• **What you are asked to do**:
All the lines below should be set down exactly, with no picture carried into the copy.
________________
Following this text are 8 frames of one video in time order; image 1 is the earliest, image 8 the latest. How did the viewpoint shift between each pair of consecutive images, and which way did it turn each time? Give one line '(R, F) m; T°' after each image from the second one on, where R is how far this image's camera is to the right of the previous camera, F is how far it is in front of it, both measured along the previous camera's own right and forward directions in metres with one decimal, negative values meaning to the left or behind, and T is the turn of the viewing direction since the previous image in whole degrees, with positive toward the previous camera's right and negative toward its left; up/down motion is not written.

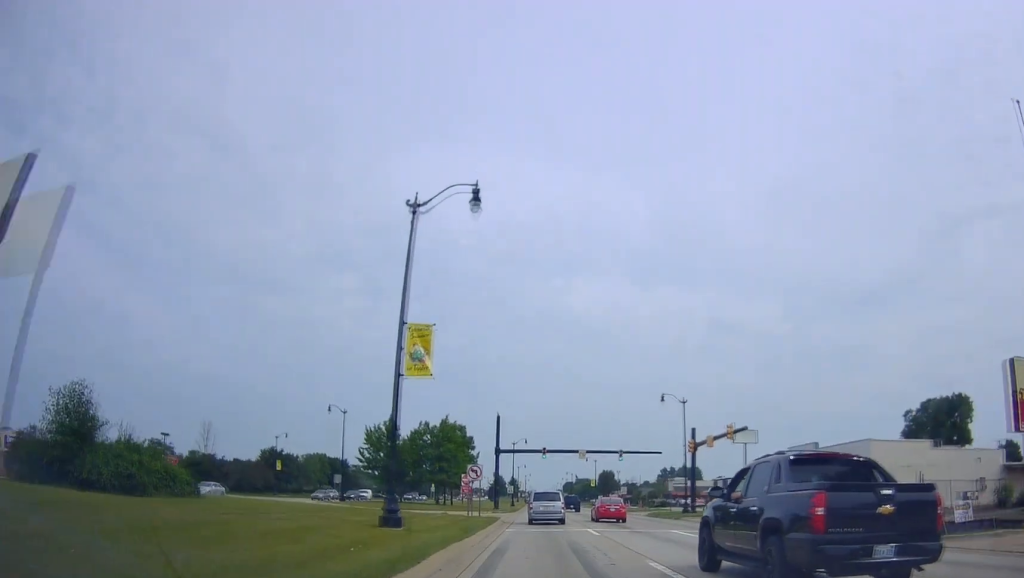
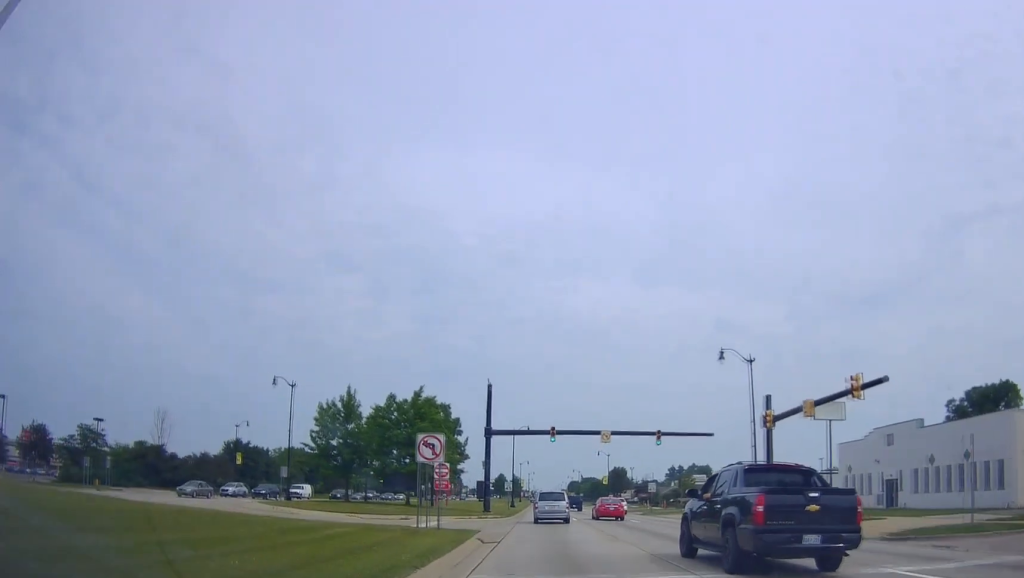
(-0.6, +17.5) m; -1°
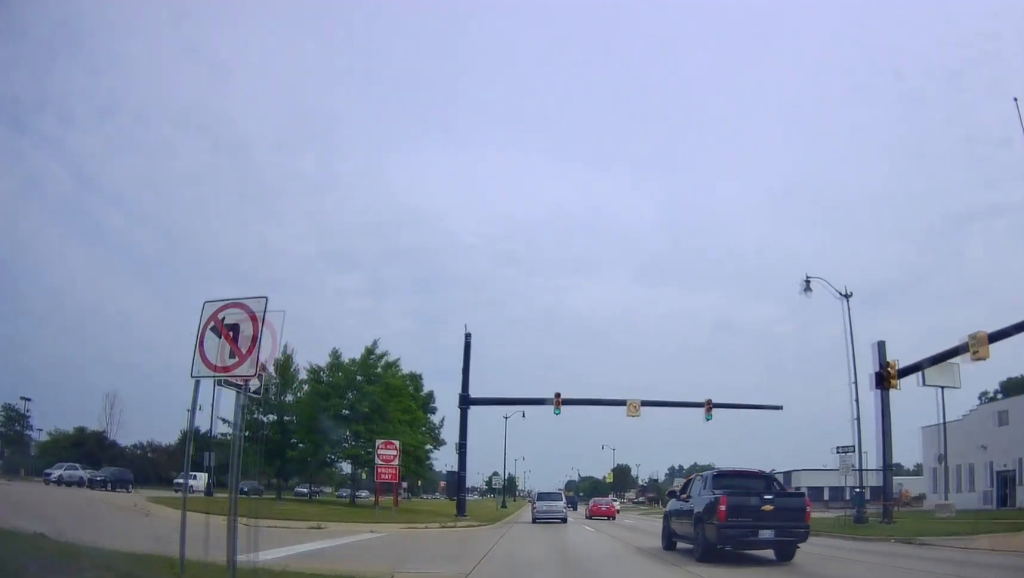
(+0.3, +13.9) m; 0°
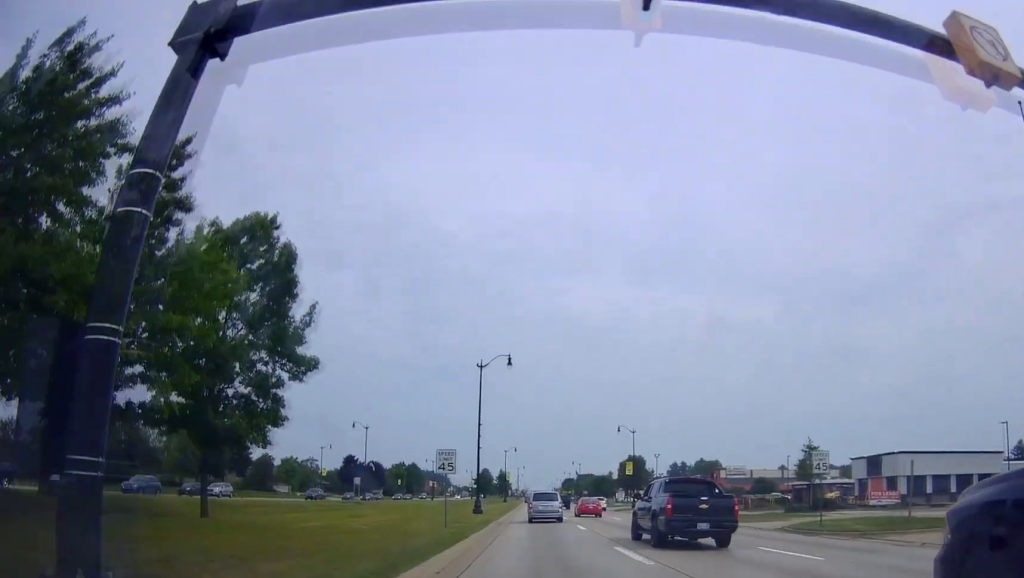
(-0.3, +26.9) m; +1°
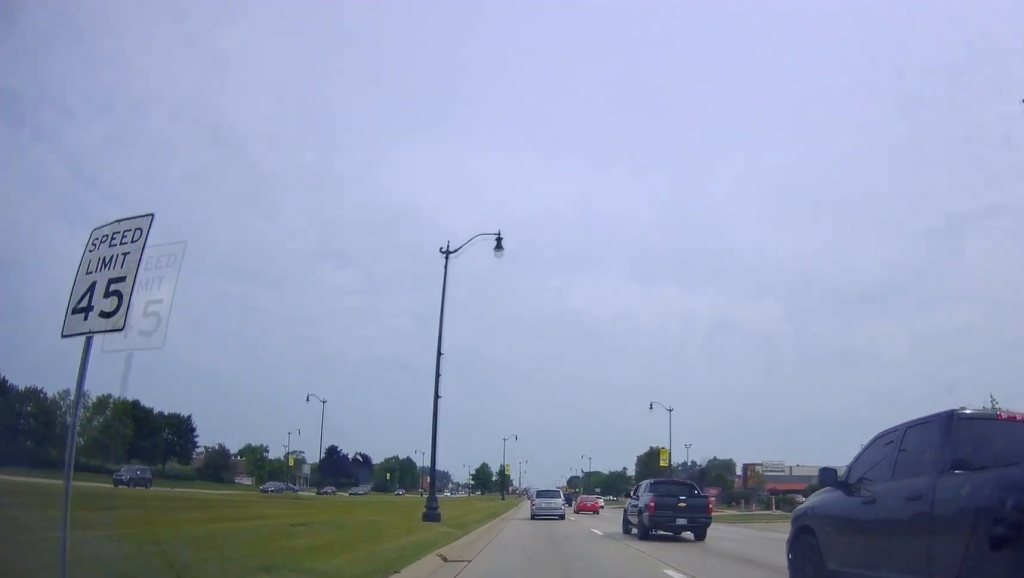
(+0.7, +20.1) m; +2°
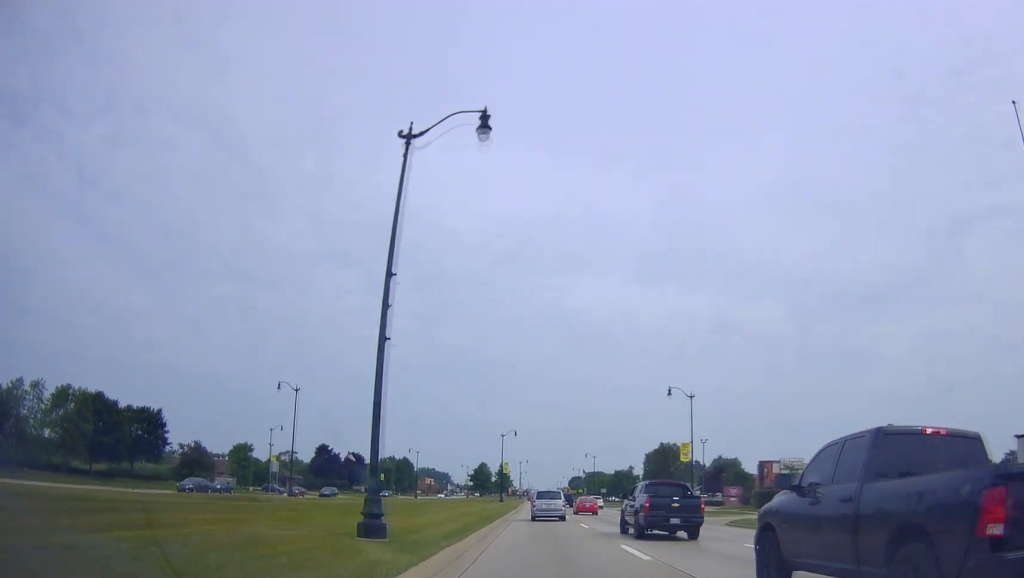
(+0.1, +8.4) m; -1°
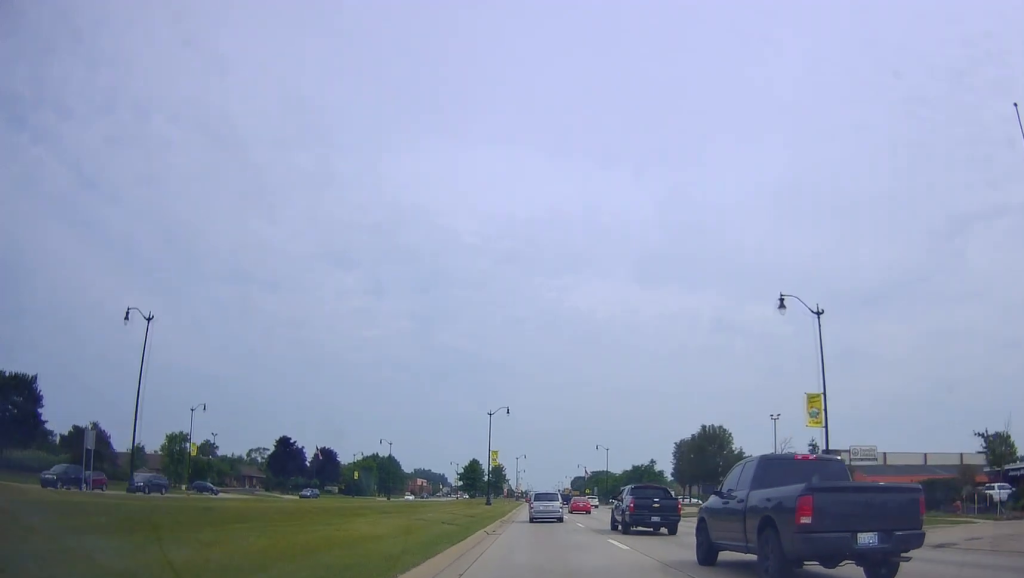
(-0.4, +26.5) m; 0°
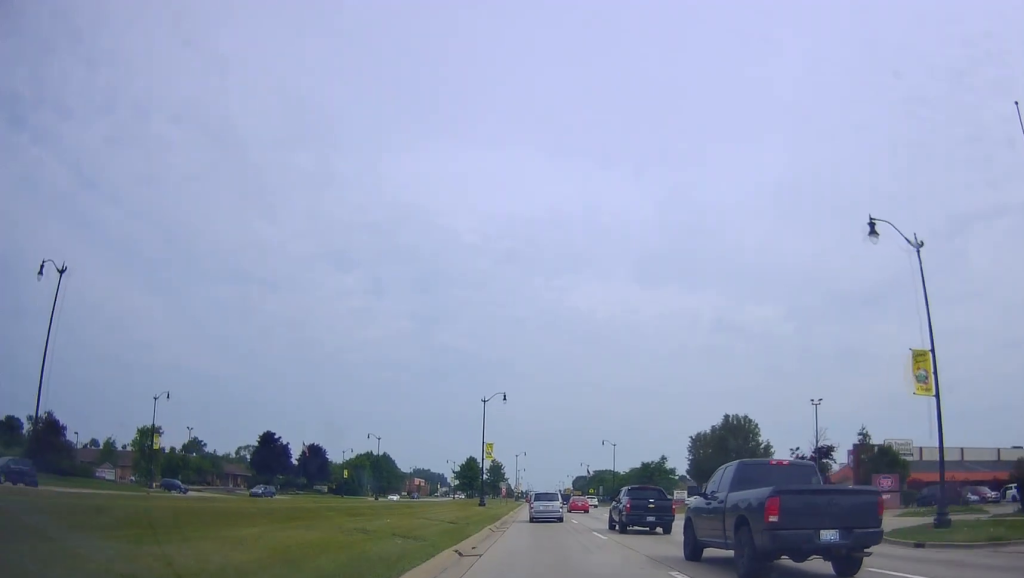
(+0.2, +9.5) m; +1°
________________
• **Output**:
Following this text are 8 frames of one video in time order; image 1 is the earliest, image 8 the latest. How did the viewpoint shift between each pair of consecutive images, and which way did it turn each time? Give one line '(R, F) m; T°' after each image from the second one on, where R is how far this image's camera is to the right of the previous camera, F is how far it is in front of it, both measured along the previous camera's own right and forward directions in metres with one decimal, negative values meaning to the left or behind, and T is the turn of the viewing direction since the previous image in whole degrees, with positive toward the previous camera's right and negative toward its left; up/down motion is not written.

(-0.6, +17.5) m; -1°
(+0.3, +13.9) m; 0°
(-0.3, +26.9) m; +1°
(+0.7, +20.1) m; +2°
(+0.1, +8.4) m; -1°
(-0.4, +26.5) m; 0°
(+0.2, +9.5) m; +1°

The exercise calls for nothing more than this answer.